Common variable immunodeficiency (CVID) is one of the most frequently diagnosed primary immunodeficiencies (PIDs), and is defined as decreased serum immunoglobulin (Ig) G, decreased IgA and/or IgM, poor antibody responses to vaccines, and exclusion of other causes of hypogammaglobulinemia1. Patients commonly experience recurrent (sinopulmonary) infections and features of immune dysregulation such as autoimmunity1, 2. About 25% of CVID patients are diagnosed in childhood3. To rule out transient hypogammaglobulinemia of infancy, in which Ig levels spontaneously resolve mostly by the age of two to four years, a definite diagnosis of CVID should not be given before the age of four years1.

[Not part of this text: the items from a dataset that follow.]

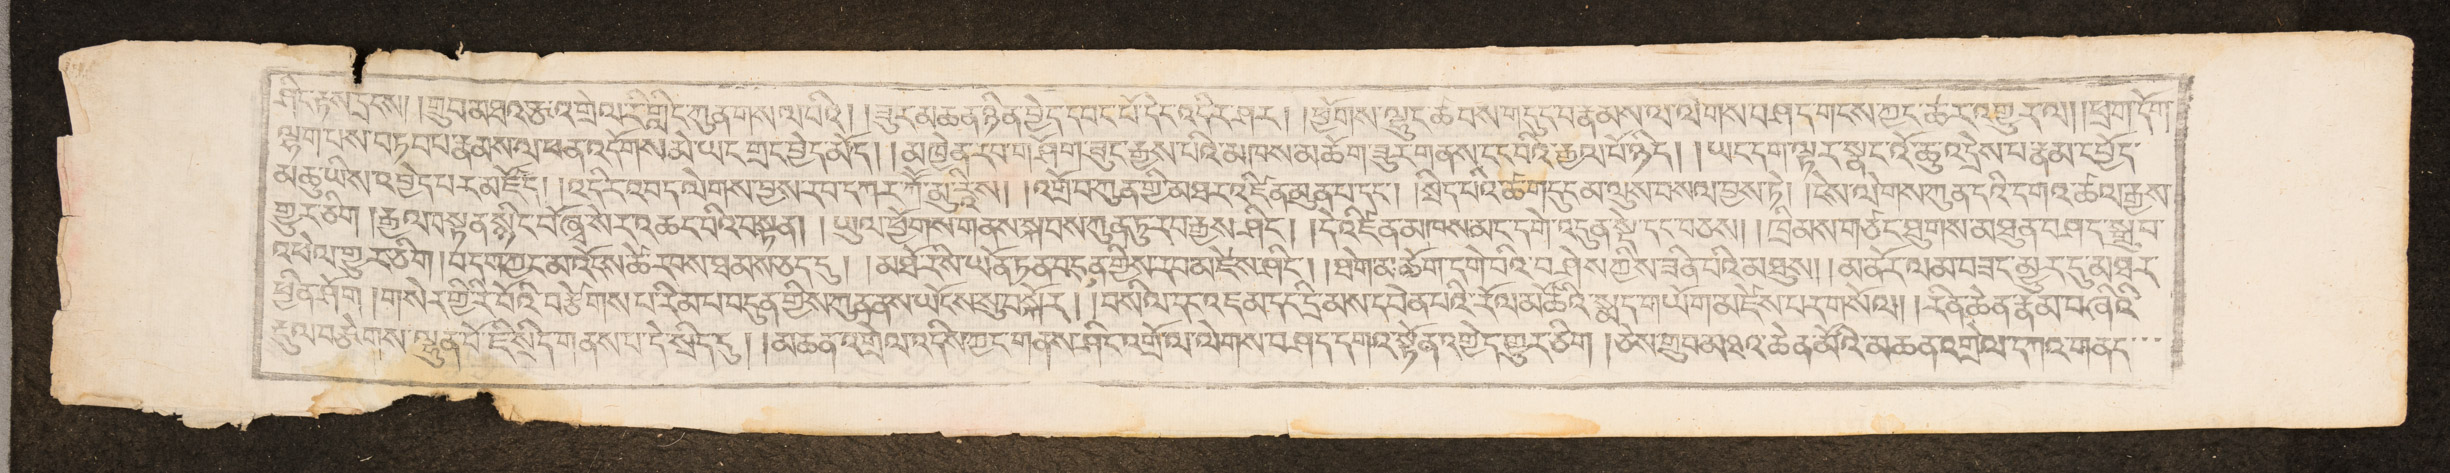ཤིང་རྟས་དྲངས། །གྲུབ་མཐའ་རྩ་འགྲེལ་རི་གླིང་ཀུན་གསལ་བའི། །ཟུར་མཆན་ཉིན་བྱེད་དབང་པོ་དེང་འདིར་ཤར། །ཕྱོགས་ལྷུང་ཚ་བས་གདུང་བ་རྣམས་ལ་ལེགས་བཤད་གངས་ཀྱང་ཆར་འགྱུར་ལ། །ཕྲག་དོག་
ལྷག་པས་བཏབ་པ་རྣམས་ལ་ཕན་འདོགས་མེ་ཡང་གྲང་བྱེད་མོད། །མཁྱེན་རབ་གཤོག་ཟུང་རྒྱས་པའི་མཁས་མཆོག་ཟུར་གནས་དང་པའི་རྒྱལ་པོ་ཉིད། །ཡང་དག་ལྟར་སྣང་འོ་ཆུ་འདྲེས་པ་རྣམ་དཔྱོད་
མཆུ་ཡིས་འབྱེད་པར་མཛོད། །འདིར་འབད་ལེགས་བྱས་རབ་དཀར་ཀཽ་མུ་རཱིས། །འགྲོ་བ་ཀུན་གྱི་མཐར་འཛིན་མུན་པ་དང་། །སྲིད་པའི་ཚ་གདུང་མ་ལུས་བསལ་བྱས་ཏེ། །ངེས་ལེགས་ཀུན་དའི་དགའ་ཚལ་རྒྱས་
གྱུར་ཅིག །རྒྱལ་བསྟན་སྙིང་པོ་ཞྭ་སེར་འཆང་བའི་བསྟན། །ཡུལ་ཕྱོགས་གནས་སྐབས་ཀུན་ཏུ་རབ་རྒྱས་ཤིང་། །དེ་འཛིན་མཁས་མང་དགེ་འདུན་སྡེ་དང་བཅས། །ཁྲིམས་གཙང་ཐུགས་མཐུན་བཤད་སྒྲུབ་
འཕེལ་གྱུར་ཅིག །བདག་ཀྱང་མ་འོངས་ཚེ་རབས་ཐམས་ཅད་དུ། །མཐོ་རིས་ཡོན་ཏན་བདུན་གྱིས་རབ་མཛེས་ཤིང་། །ཐེག་མཆོག་དགེ་བའི་བཤེས་ཀྱིས་ཟིན་པའི་མཐུས། །མ་ནོར་ལམ་བཟང་མྱུར་དུ་མཐར་
ཕྱིན་ཤོག །གསེར་གྱི་རི་བོའི་བརྩེགས་པ་རིམ་པ་བདུན་གྱིས་ཀུན་ནས་ཡོངས་སུ་བསྐོར། །བསིལ་དང་འཇམ་དང་དྲི་མས་དབེན་པའི་རོལ་མཚོའི་སྨད་གཡོག་མཛེས་པར་གསོལ། །རིན་ཆེན་རྣམ་བཞིའི་
རྡུལ་བརྩེགས་ལྷུན་པོ་ཇི་སྲིད་གནས་པ་དེ་སྲིད་དུ། །མཆན་འགྲེལ་འདིས་ཀྱང་གནས་ཤིང་འགྲོ་ལ་ལེགས་བཤད་དགའ་སྟོན་འགྱེད་གྱུར་ཅིག །ཅེས་གྲུབ་མཐའ་ཆེན་མོའི་མཆན་འགྲེལ་དཀའ་གནད་

Here, we report novel familial cases of Wiedemann-Steiner syndrome (WSS) and Roifman syndrome (RS) that were initially categorized as early-onset CVID. WSS and RS are rare syndromic PIDs, affecting the immune system as well as other organ systems4,5,6. Although there is considerable phenotypic heterogeneity in both syndromes, hallmark extra-immunological features are generally evident very early in life7, 8. WSS is typically characterized by hypertrichosis cubiti, growth retardation, developmental delay and facial dysmorphism, and is caused by heterozygous mutations in lysine methyltransferase 2 A (KMT2A)7, 9,10,11,12,13,14. KMT2A (also called mixed-lineage leukemia, MLL) encodes a histone methyltransferase involved in regulating chromatin-mediated transcription and is a frequent target of chromosomal rearrangements in childhood leukemia9, 15. WSS has only been recently associated with primary antibody deficiency7. RS, on the other hand, is commonly featured by antibody deficiency as well as growth retardation, spondyloepiphyseal dysplasia and retinal dystrophy8, 16. Biallelic mutations in RNU4ATAC, a noncoding small nuclear RNA (snRNA) gene, were recently identified as a cause of RS8. U4atac snRNA is an important component of the minor spliceosome required for minor intron splicing8.

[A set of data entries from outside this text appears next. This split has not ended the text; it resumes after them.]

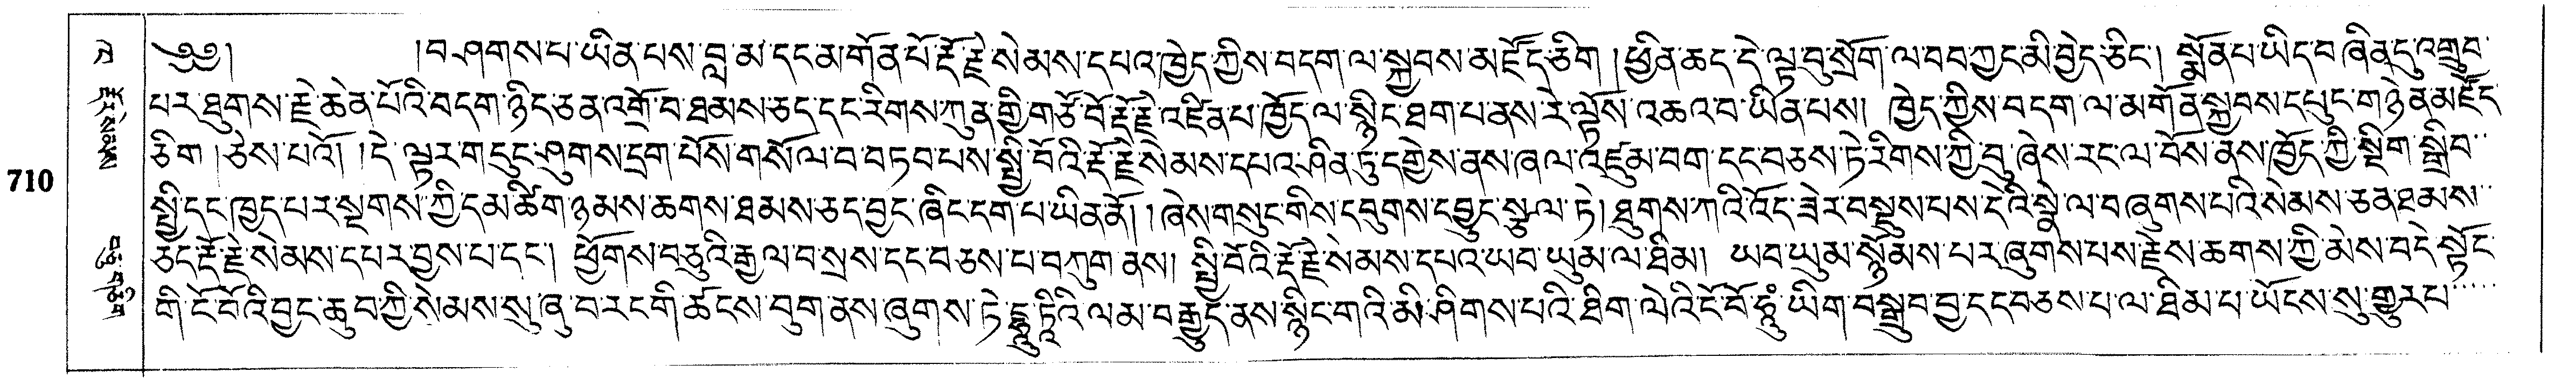༄༅། །བཤགས་པ་ཡིན་པས་བླ་མ་དང་མགོན་པོ་རྡོ་རྗེ་སེམས་དཔའ་ཁྱེད་ཀྱིས་བདག་ལ་སྐྱབས་མཛོད་ཅིག །ཕྱིན་ཆད་དེ་ལྟ་བུ་སྲོག་ལ་བབ་ཀྱང་མི་བྱེད་ཅིང་། སྨོན་པ་ཡིད་བཞིན་དུ་འགྲུབ་
པར་ཐུགས་རྗེ་ཆེན་པོའི་བདག་ཉིད་ཅན་འགྲོ་བ་ཐམས་ཅད་དང་རིགས་ཀུན་གྱི་གཙོ་བོ་རྡོ་རྗེ་འཛིན་པ་ཁྱོད་ལ་སྙིང་ཐག་པ་ནས་རེ་ལྟོས་འཆའ་བ་ཡིན་པས། ཁྱེད་ཀྱིས་བདག་ལ་མགོན་སྐྱབས་དཔུང་གཉེན་མཛོད་
ཅིག །ཅེས་པའོ། །དེ་ལྟར་གདུང་ཤུགས་དྲག་པོས་གསོལ་བ་བཏབ་པས་སྤྱི་བོའི་རྡོ་རྗེ་སེམས་དཔའ་ཤིན་ཏུ་དགྱེས་ནས་ཞལ་འཛུམ་བག་དང་བཅས་ཏེ་རིགས་ཀྱི་བུ་ཞེས་རང་ལ་བོས་ནས་ཁྱོད་ཀྱི་སྡིག་སྒྲིབ་
སྤྱི་དང་ཁྱད་པར་སྔགས་ཀྱི་དམ་ཚིག་ཉམས་ཆགས་ཐམས་ཅད་བྱང་ཞིང་དག་པ་ཡིན་ནོ། །ཞེས་གསུང་གིས་དབུགས་དབྱུང་སྩལ་ཏེ། ཐུགས་ཀའི་འོད་ཟེར་བསྡུས་པས་དེའི་སྣེ་ལ་བཞུགས་པའི་སེམས་ཅན་ཐམས་
ཅད་རྡོ་རྗེ་སེམས་དཔར་བྱས་པ་དང་། ཕྱོགས་བཅུའི་རྒྱལ་བ་སྲས་དང་བཅས་པ་བཀུག་ནས། སྤྱི་བོའི་རྡོ་རྗེ་སེམས་དཔའ་ཡབ་ཡུམ་ལ་ཐིམ། ཡབ་ཡུམ་ཉོམས་པར་ཞུགས་པས་རྗེས་ཆགས་ཀྱི་མེས་བདེ་སྟོང་
གི་ངོ་བོའི་བྱང་ཆུབ་ཀྱི་སེམས་སུ་ཞུ་བ་རང་གི་ཚངས་བུག་ནས་ཞུགས་ཏེ་དྷཱུ་ཏཱིའི་ལམ་བརྒྱུད་ནས་སྙིང་གའི་མི་ཤིགས་པའི་ཐིག་ལེའི་ངོ་བོ་ཧཱུཾ་ཡིག་བསྒྲུབ་བྱ་དང་བཅས་པ་ལ་ཐིམ་པ་ཡོངས་སུ་གྱུར་པ་

This report aspires to increase awareness among immunologists and geneticists that a CVID phenotype can be the principal presentation of WSS and RS in early childhood, which is exceptional and has not been previously reported. The prior diagnosis of early-onset CVID diverted attention away from the initially less evident extra-immunological features, which significantly delayed identification of the underlying syndromic disorders. Additionally, in both families we identified mutations that have not been previously associated with disease. We aimed to provide insight as to how these mutations are disease-causing. Finally, we expand the immunophenotypical spectrum of WSS and RS, which could support future mechanistic research.

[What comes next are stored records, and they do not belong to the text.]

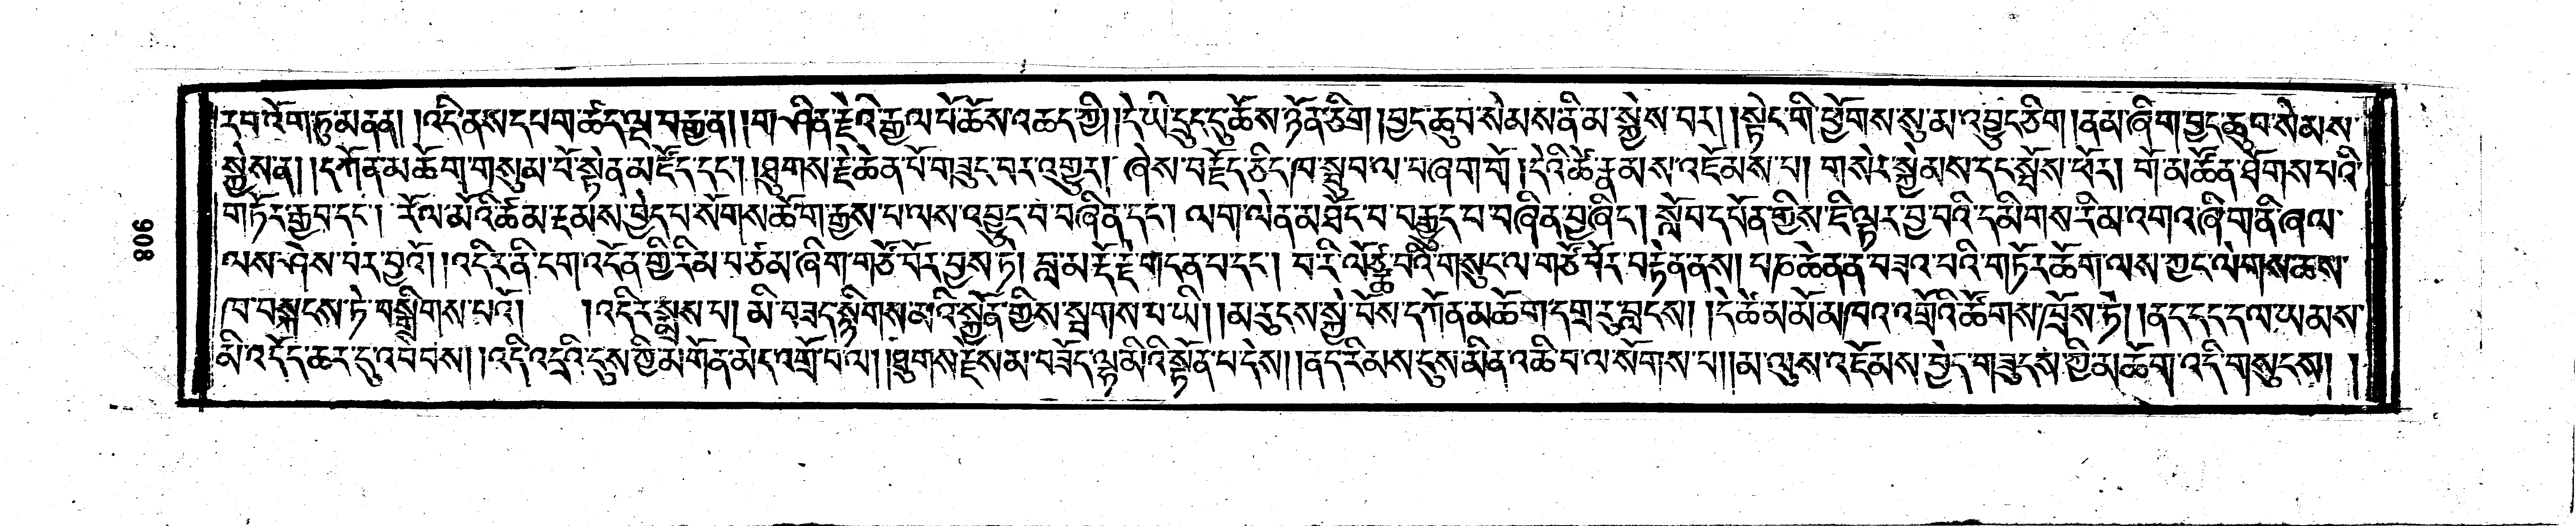རབ་འོག་ཏུ་མནན། །འདི་ནས་དཔག་ཚད་ལྔ་བརྒྱ་ན། །གཤིན་རྗེའི་རྒྱལ་པོ་ཆོས་འཆད་ཀྱི། །དེ་ཡི་དྲུང་དུ་ཆོས་ཉོན་ཅིག །བྱང་ཆུབ་སེམས་ནི་མ་སྐྱེས་བར། །སྟེང་གྱི་ཕྱོགས་སུ་མ་འབྱུང་ཅིག །ནམ་ཞིག་བྱང་ཆུབ་སེམས་
སྐྱེས་ན། །དཀོན་མཆོག་གསུམ་པོ་སྟེན་མཛོད་དང་། །ཐུགས་རྗེ་ཆེན་པོ་གཟུང་བར་འགྱུར། ཞེས་བརྗོད་ཅིང་ཁ་སྦུབ་ལ་བཞག་གོ །དེའི་ཚེ་རྣམས་འཇོམས་པ། གསེར་སྐྱེམས་དང་སྤོས་ཕོར། གོ་མཚོན་ཐོགས་པའི་
གཏོར་རྒྱབ་དང་། རོལ་མོའི་ཚམ་རྡམས་བྱེད་པ་སོགས་ཆོ་ག་རྒྱས་པ་ལས་འབྱུང་བ་བཞིན་དང་། ལག་ལེན་མཐོང་བ་བརྒྱུད་པ་བཞིན་བྱ་ཞིང་། སློབ་དཔོན་གྱིས་ཇི་ལྟར་བྱ་བའི་དམིགས་རིམ་འགའ་ཞིག་ནི་ཞལ་
ལས་ཤེས་པར་བྱའོ། །འདིར་ནི་ངག་འདོན་གྱི་རིམ་པ་ཙམ་ཞིག་གཙོ་བོར་བྱས་ཏེ། བླ་མ་རྡོ་རྗེ་གདན་པ་དང་། བ་རི་ལོ་ཙྪ་བའི་གསུང་ལ་གཙོ་བོར་བརྟེན་ནས། པཎ་ཆེན་ན་བཟའ་པའི་གཏོར་ཆོག་ལས་ཀྱང་ལེགས་ཆས་
ཁ་བསྐངས་ཏེ་བསྒྲིགས་པའོ། །འདིར་སྨྲས་པ། མི་བཟད་སྙིགས་མའི་སྐྱོན་གྱིས་སྦགས་པ་ཡི། །མ་རུངས་སྐྱེ་བོས་དཀོན་མཆོག་དགྲ་རུ་བླངས། །དེ་ཚེ་མ་མོ་མཁའ་འགྲོའི་ཚོགས་ཁྲོས་ཏེ། །ནད་དང་དལ་ཡམས་
མི་འདོད་ཆར་དུ་འབབས། །འདི་འདྲའི་དུས་ཀྱི་མགོན་མེད་འགྲོ་བ་ལ། །ཐུགས་རྗེས་མ་བཟོད་ལྷ་མིའི་སྟོན་པ་དེས། །ནད་རིམས་དུས་མིན་འཆི་བ་ལ་སོགས་པ། །མ་ལུས་འཇོམས་བྱེད་གཟུངས་ཀྱི་མཆོག་འདི་གསུངས། །

An early-onset CVID phenotype in two unrelated sibling pairs
This study reports on two unrelated sibling pairs with recurrent respiratory tract infections and antibody deficiency categorized as CVID in early childhood. The family A monozygotic twin boys (Fig. 1a, II:2 and II:3) were born prematurely at 34 weeks gestational age to non-consanguineous, Belgian parents and are currently 11 years old. One of them (II:3) was born with bilateral inguinal hernia and hypospadias, which were attributed to his premature birth. From the first year of life, the twin boys suffered from recurrent upper and lower respiratory tract infections, often requiring antibiotics. At 2 months of age, patient II:3 developed severe pneumonia with respiratory arrest and heart failure. The latter led to the recognition of a patent ductus arteriosus, which was surgically ligated shortly thereafter. The postoperative course was complicated by severe respiratory distress requiring ventilation and systemic corticosteroids. Upon immunological evaluation, both patients II:2 and II:3 demonstrated panhypogammaglobulinemia, poor antibody responses to Pneumococcal polysaccharide vaccine, increased naive B cells, and very low memory B cells (Table 1). Additionally, both patients showed evidence of mild bronchiectasis on high-resolution computed tomography (HRCT) scan at 3.5 years of age.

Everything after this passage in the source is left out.